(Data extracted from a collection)
-----

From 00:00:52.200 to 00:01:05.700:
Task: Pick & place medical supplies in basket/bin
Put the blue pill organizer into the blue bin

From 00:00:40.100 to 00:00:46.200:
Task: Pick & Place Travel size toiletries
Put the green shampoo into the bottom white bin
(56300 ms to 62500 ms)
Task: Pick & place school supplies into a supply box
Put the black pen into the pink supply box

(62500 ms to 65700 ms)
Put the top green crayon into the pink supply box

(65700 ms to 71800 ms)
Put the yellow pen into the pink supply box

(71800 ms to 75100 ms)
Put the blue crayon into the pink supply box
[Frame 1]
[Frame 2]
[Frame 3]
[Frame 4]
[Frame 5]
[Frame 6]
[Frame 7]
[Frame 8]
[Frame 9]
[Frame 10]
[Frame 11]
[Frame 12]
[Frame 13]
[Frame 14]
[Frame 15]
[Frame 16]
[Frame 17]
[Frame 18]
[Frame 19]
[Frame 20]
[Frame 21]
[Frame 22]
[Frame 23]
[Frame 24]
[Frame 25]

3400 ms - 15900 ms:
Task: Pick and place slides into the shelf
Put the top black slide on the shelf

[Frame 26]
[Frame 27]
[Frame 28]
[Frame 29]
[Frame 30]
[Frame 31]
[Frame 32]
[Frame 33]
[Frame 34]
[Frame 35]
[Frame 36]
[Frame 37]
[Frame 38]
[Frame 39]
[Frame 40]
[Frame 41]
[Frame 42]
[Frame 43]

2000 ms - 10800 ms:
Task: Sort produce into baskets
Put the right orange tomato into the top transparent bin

-----

The only acceptable answer is the full set of entries, repeated exactly.

From 00:00:52.200 to 00:01:05.700:
Task: Pick & place medical supplies in basket/bin
Put the blue pill organizer into the blue bin

From 00:00:40.100 to 00:00:46.200:
Task: Pick & Place Travel size toiletries
Put the green shampoo into the bottom white bin
(56300 ms to 62500 ms)
Task: Pick & place school supplies into a supply box
Put the black pen into the pink supply box

(62500 ms to 65700 ms)
Put the top green crayon into the pink supply box

(65700 ms to 71800 ms)
Put the yellow pen into the pink supply box

(71800 ms to 75100 ms)
Put the blue crayon into the pink supply box
[Frame 1]
[Frame 2]
[Frame 3]
[Frame 4]
[Frame 5]
[Frame 6]
[Frame 7]
[Frame 8]
[Frame 9]
[Frame 10]
[Frame 11]
[Frame 12]
[Frame 13]
[Frame 14]
[Frame 15]
[Frame 16]
[Frame 17]
[Frame 18]
[Frame 19]
[Frame 20]
[Frame 21]
[Frame 22]
[Frame 23]
[Frame 24]
[Frame 25]

3400 ms - 15900 ms:
Task: Pick and place slides into the shelf
Put the top black slide on the shelf

[Frame 26]
[Frame 27]
[Frame 28]
[Frame 29]
[Frame 30]
[Frame 31]
[Frame 32]
[Frame 33]
[Frame 34]
[Frame 35]
[Frame 36]
[Frame 37]
[Frame 38]
[Frame 39]
[Frame 40]
[Frame 41]
[Frame 42]
[Frame 43]

2000 ms - 10800 ms:
Task: Sort produce into baskets
Put the right orange tomato into the top transparent bin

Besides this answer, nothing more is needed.